This stage involves physically connecting with the data sources, discovering data models and verifying the data types, which are stored in the columns. Here we can identify:
- searching the proper sets of data,
- defining the semantics per model.
A feature that sets apart the Discovery platform from other ones is the possibility of defining the semantics, i.e. defining the syntax of the specific data. For instance, we can define the conditions for discovering the data type “„ID Card” (3 capitals, 6 digits as a card number; personal identification number – 11 digits, where the third and fifth one is always 0, 1, 2 or 3 etc.).
The system boasts huge possibilities of defining the semantic methods, thanks to usage of the Groovy language. This is a script language, modelled according to the JAVA syntax, which – in the end – means simplicity, a large number of people able to use it for programming and gives great possibilities of creating the rules within the Precisely Spectrum environment.

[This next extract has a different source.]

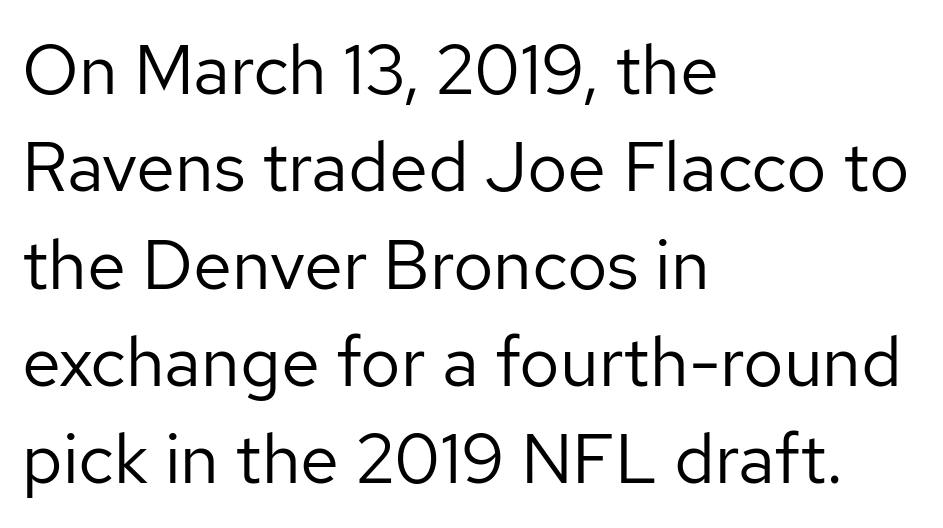
The image shows 70 px regular-weight sans-serif type, upright; set left-aligned, normal line spacing (1.39x), normal letter spacing, not underlined; low stroke contrast and a medium x-height.

Thanks to the data discovering functionality, the system is able to recognize data structures and types in a defined source, using pre-defined semantics for proper discovery of types. Thanks to these mechanisms we can track down the columns (in diagrams or files), in which exists e.g. the personal identification numbers, names, surnames, e-mail addresses, phone numbers, dates etc. If the system finds a string of signs, consisting of 3 letters and 6 digits, it will indicate that in a given column the ID Card numbers may be found. If a string of signs that starts with “„+48” and is followed by 9 digits, is found, it will indicate that it may refer to phone numbers, valid in Poland. If the semantic types are not defined, the system will not subsume the data to the “„ID Card” or “„Polish phone numbers” categories.

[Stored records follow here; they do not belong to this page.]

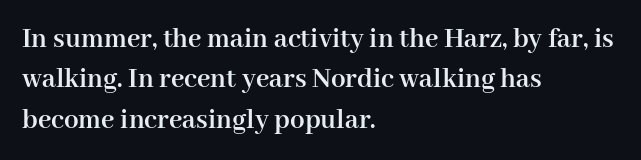
Q: Is the text bold? A: Yes.
Q: Is the text italic (slanted)? A: No, it is upright.
Q: Is the typeface a serif or a sans-serif typeface? A: Serif.
Q: Is the text underlined? A: No.
Q: How is the paragraph aligned? A: Left-aligned.
Q: Is the spacing between letters normal or unusually wide? A: Normal.
Q: Is the spacing between lines tight, normal or loose? A: Normal.
Q: Width (condensed, normal, or wide)? A: Normal.
Q: Stroke contrast? A: High.
Q: x-height? A: Medium.
Q: Monospaced? A: No.

After discovering the data, we can tag the respective diagrams and columns. This functionality allows for searching all boxes marked by different tags (e.g. second name can be tagged as „client’s data”, „name”, „second name”, „personal data” etc.).
After the verification stage is completed, we have the connections to all pre-defined columns of the data sources and we know the data structures in these sources, and we know the overall content of the columns.